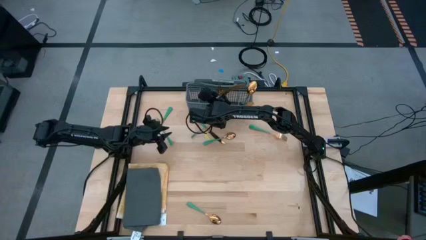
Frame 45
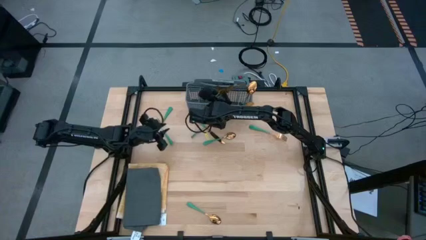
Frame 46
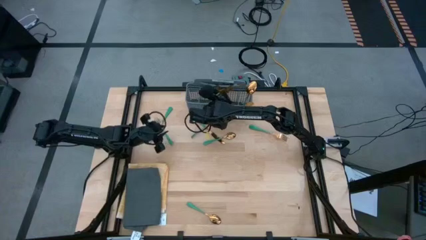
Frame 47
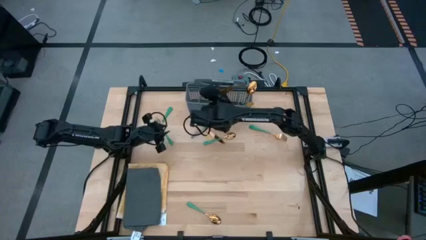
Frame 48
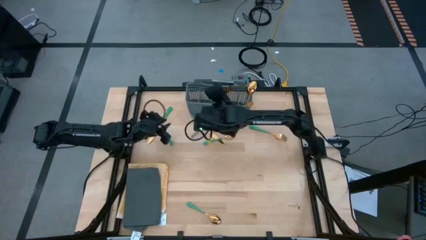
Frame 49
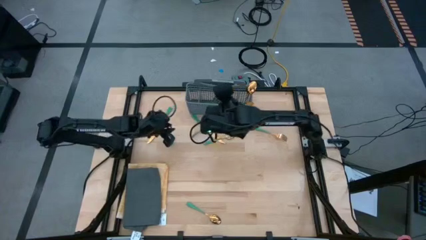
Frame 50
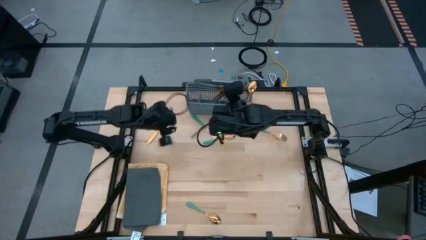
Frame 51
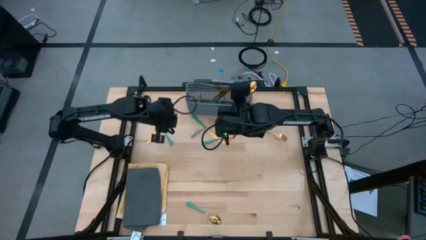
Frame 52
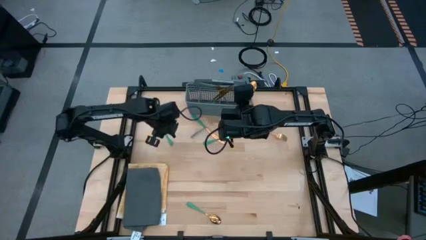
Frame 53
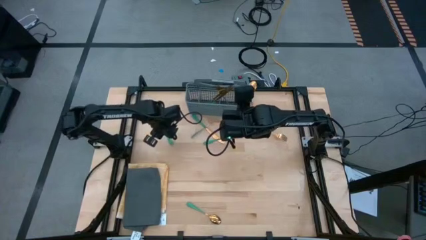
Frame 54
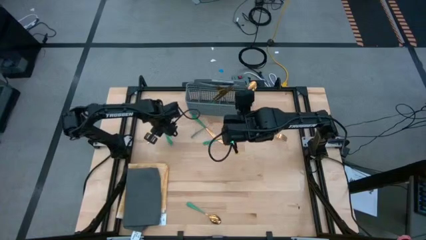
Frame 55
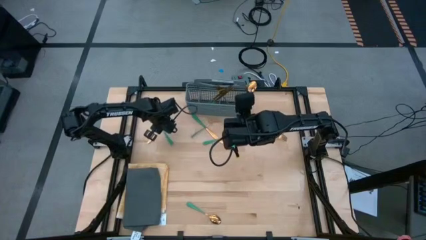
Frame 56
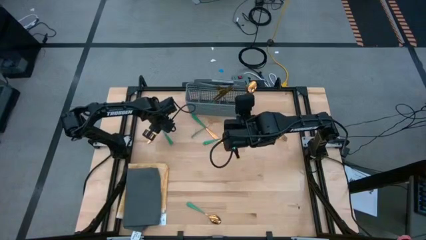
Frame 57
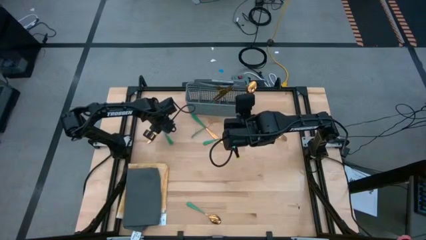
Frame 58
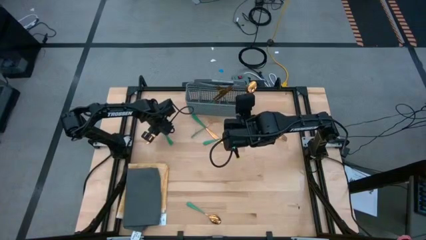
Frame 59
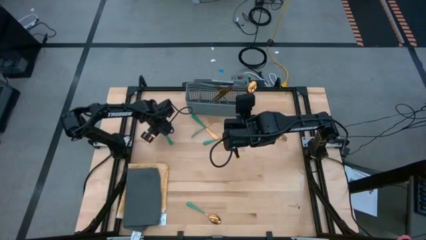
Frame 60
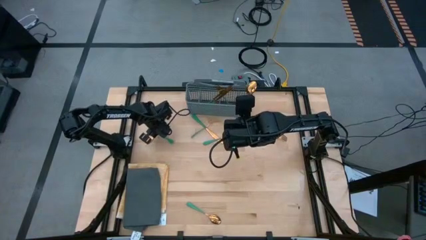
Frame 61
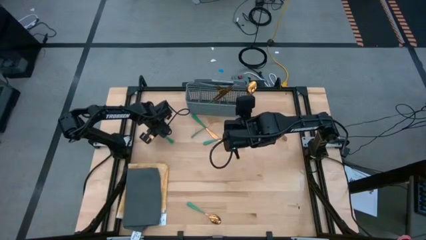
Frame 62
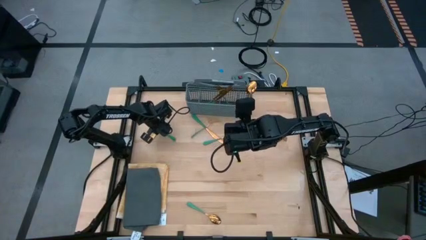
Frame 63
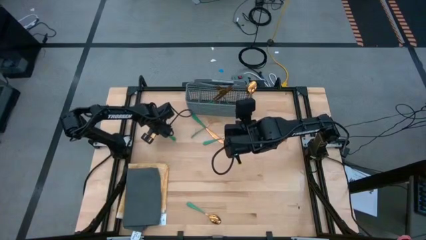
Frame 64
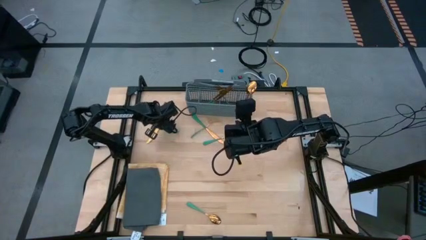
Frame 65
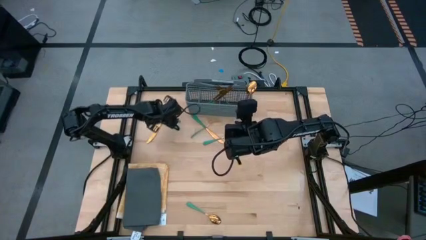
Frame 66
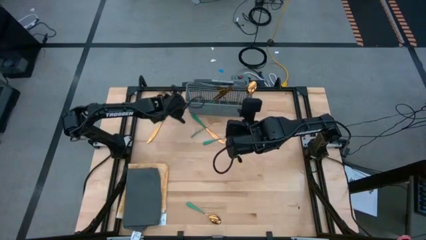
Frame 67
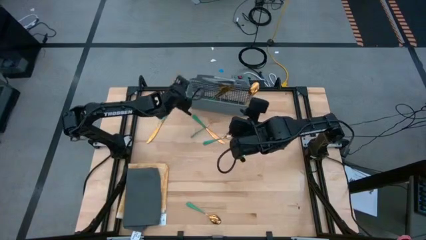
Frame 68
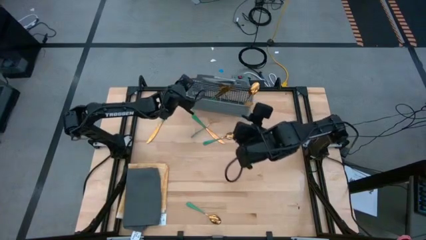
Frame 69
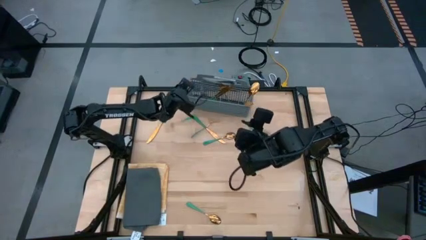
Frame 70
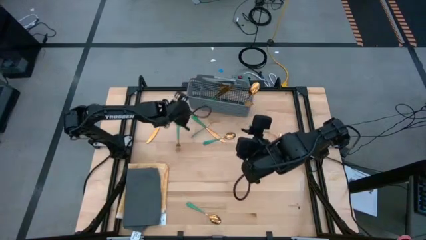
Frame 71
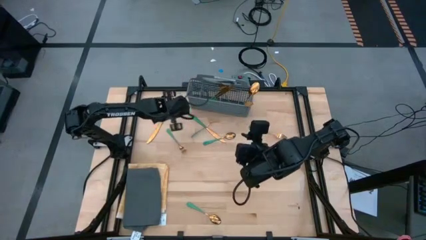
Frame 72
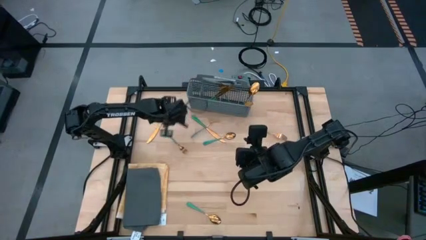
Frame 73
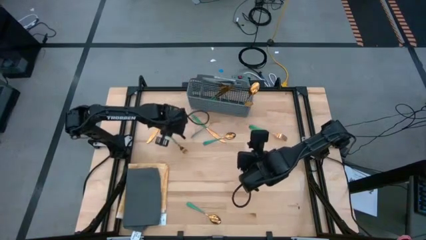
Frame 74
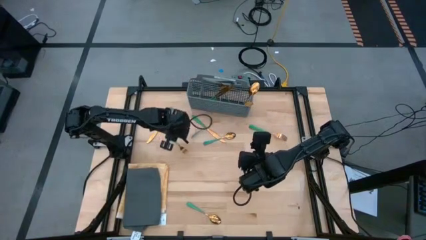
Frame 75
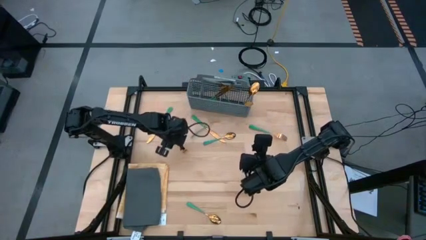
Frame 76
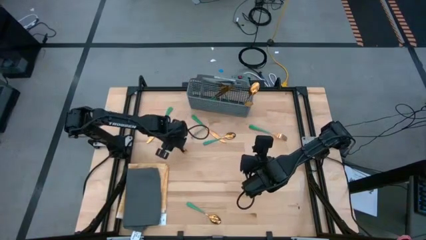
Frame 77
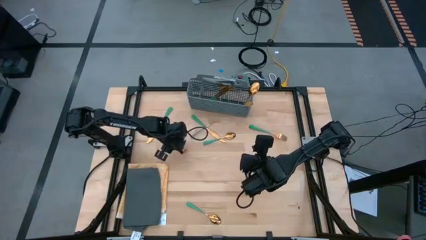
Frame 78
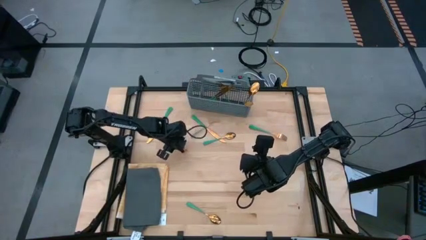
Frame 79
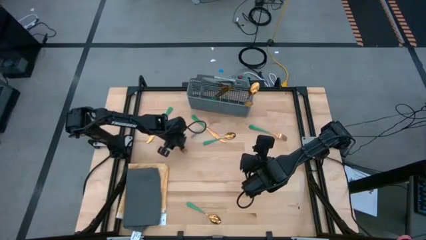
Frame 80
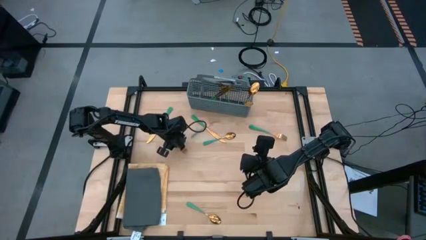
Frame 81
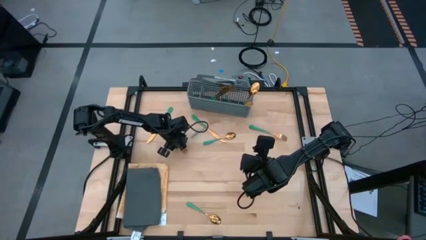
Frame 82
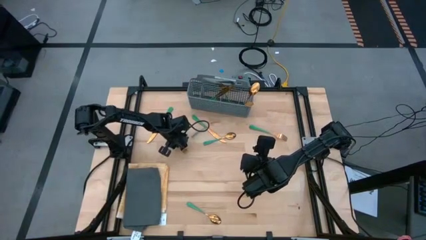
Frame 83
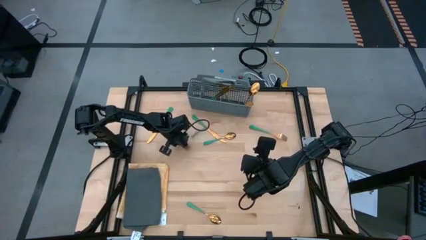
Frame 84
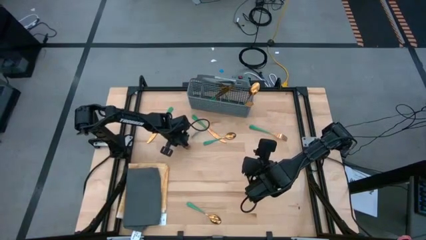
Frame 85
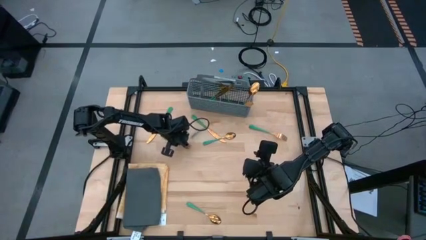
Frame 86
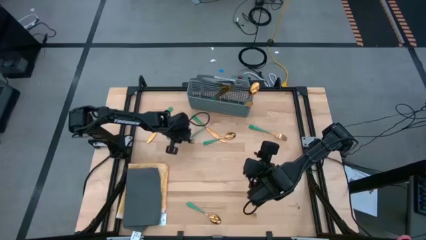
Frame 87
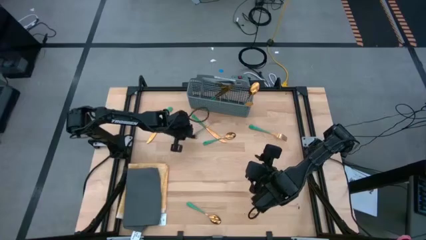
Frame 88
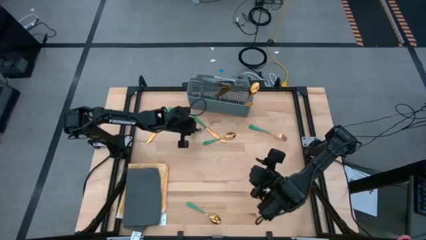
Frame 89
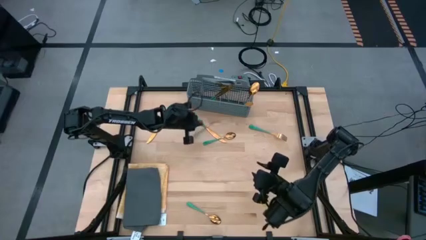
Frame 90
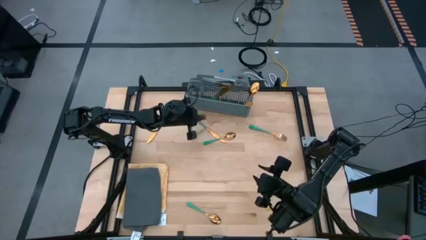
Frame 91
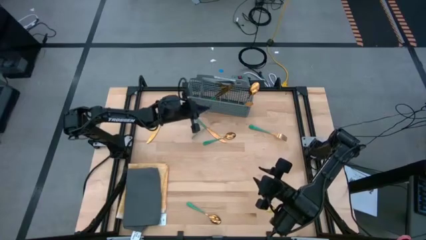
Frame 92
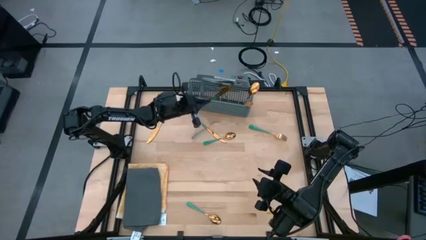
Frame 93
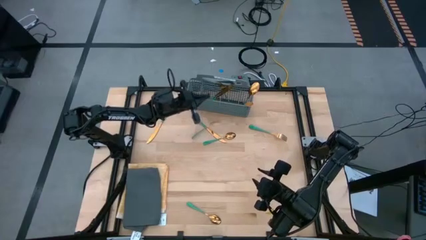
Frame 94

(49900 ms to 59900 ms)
Task: Sort silverware
Put the green fork into the dishwasher utensil holder

● ● ● ● ●

• TASK BRIEF:
Set the listing down verbatim, excluding pictures.

• YOUR RESPONSE:
Frame 45
Frame 46
Frame 47
Frame 48
Frame 49
Frame 50
Frame 51
Frame 52
Frame 53
Frame 54
Frame 55
Frame 56
Frame 57
Frame 58
Frame 59
Frame 60
Frame 61
Frame 62
Frame 63
Frame 64
Frame 65
Frame 66
Frame 67
Frame 68
Frame 69
Frame 70
Frame 71
Frame 72
Frame 73
Frame 74
Frame 75
Frame 76
Frame 77
Frame 78
Frame 79
Frame 80
Frame 81
Frame 82
Frame 83
Frame 84
Frame 85
Frame 86
Frame 87
Frame 88
Frame 89
Frame 90
Frame 91
Frame 92
Frame 93
Frame 94

(49900 ms to 59900 ms)
Task: Sort silverware
Put the green fork into the dishwasher utensil holder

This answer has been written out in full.